My colleague Emma G. Fitzsimmons writes that Adams did not discuss whether the potential resolution of the case would put him in Trump’s debt. Adams has gone to considerable lengths to cultivate a relationship with the president, visiting him in Florida and attending his inauguration in Washington last month. On Monday, before the memo about the charges became public, Adams urged high-ranking city officials to refrain from criticizing the Trump administration publicly, expressing concern that doing so could put federal funding for the city’s priorities at risk.
For his part, Trump has said that he and Adams were both “persecuted” by prosecutors in the Biden administration and that he would consider pardoning Adams.

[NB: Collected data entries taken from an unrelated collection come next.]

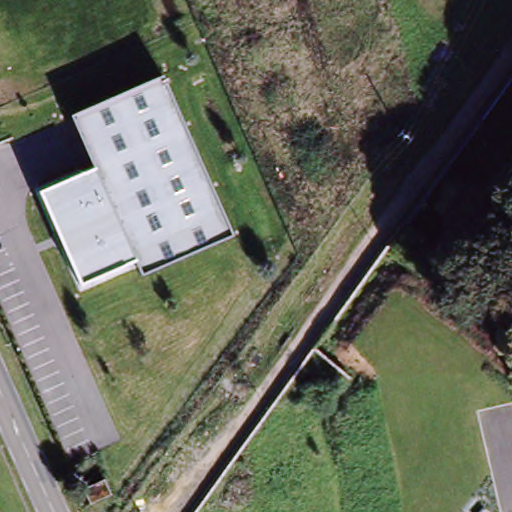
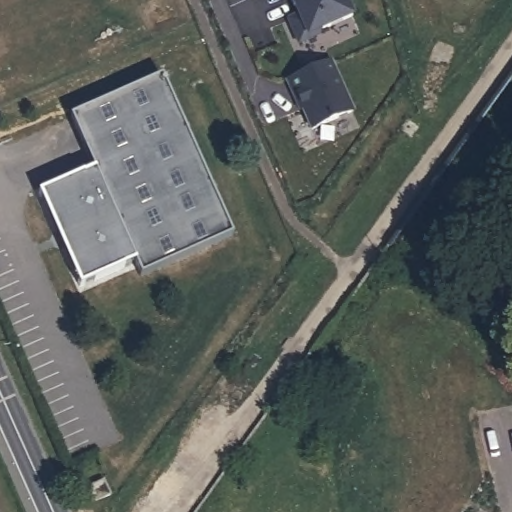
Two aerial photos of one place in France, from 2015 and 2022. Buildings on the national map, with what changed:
new [(308,12),(306,7),(302,9),(298,2),(303,0),(342,0),(352,21),(330,31),(326,38),(306,47),(295,23),(306,18),(308,12)]
new [(335,63),(356,113),(317,131),(301,96),(300,97),(292,82),(335,63)]
unchanged [(35,191),(91,168),(69,115),(162,77),(230,236),(140,276),(133,264),(75,285),(35,191)]

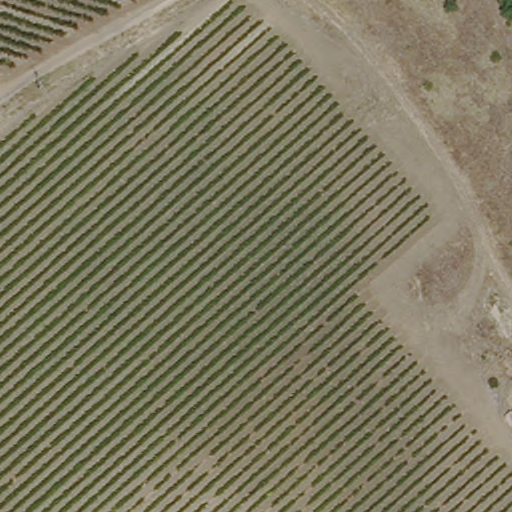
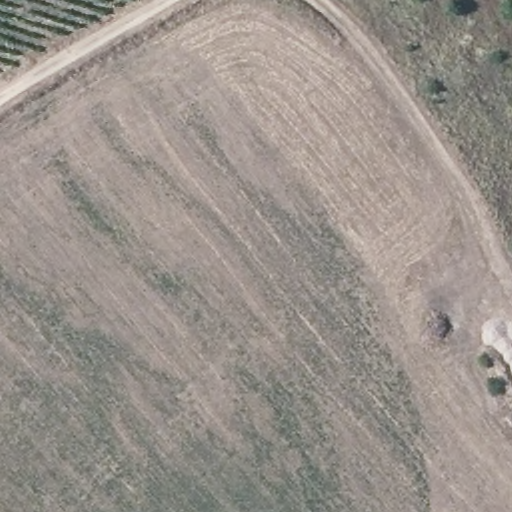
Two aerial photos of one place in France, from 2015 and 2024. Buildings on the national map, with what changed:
unchanged [(508,427),(498,415),(512,406),(512,425),(508,427)]

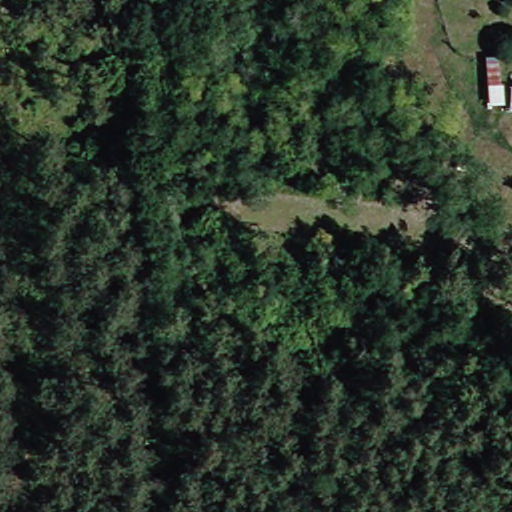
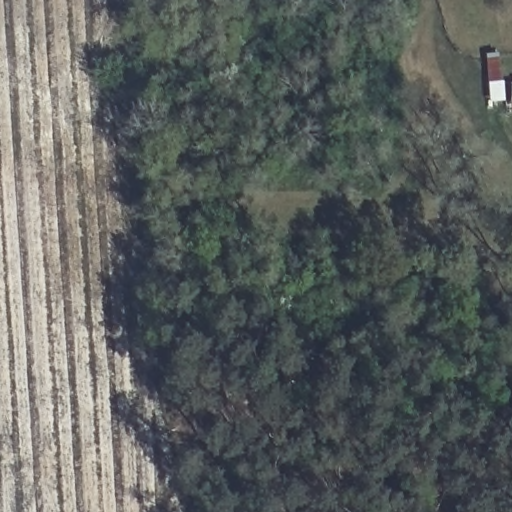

The directive to drop the charges is not the only way that the Trump administration appears to be using presidential power to shape New York City’s future. He has threatened to “kill” the month-old congestion pricing program, calling it “really horrible” and “destructive to New York.” He said he was prepared to sue to challenge its sanctuary city laws. And, in an interview with The New York Post, he complained about bike lanes and e-bikes that he said were “whacking people.”
My colleague Nicholas Fandos writes that even his critics concede that Trump has emerged as a full-fledged political force who can reshape some of the city’s most significant policy debates.
“I think he sees opportunities today in a way that he didn’t eight years ago,” said Howard Wolfson, a Democratic operative and former deputy mayor under Michael Bloomberg. Wolfson added that an “unprecedentedly weak mayor and governor” had left an “enormous power vacuum.”
Gov. Kathy Hochul, who has the power to remove Adams, was asked repeatedly at an unrelated news conference on Tuesday whether he was compromised and could be trusted to make decisions that put New Yorkers’ best interests first.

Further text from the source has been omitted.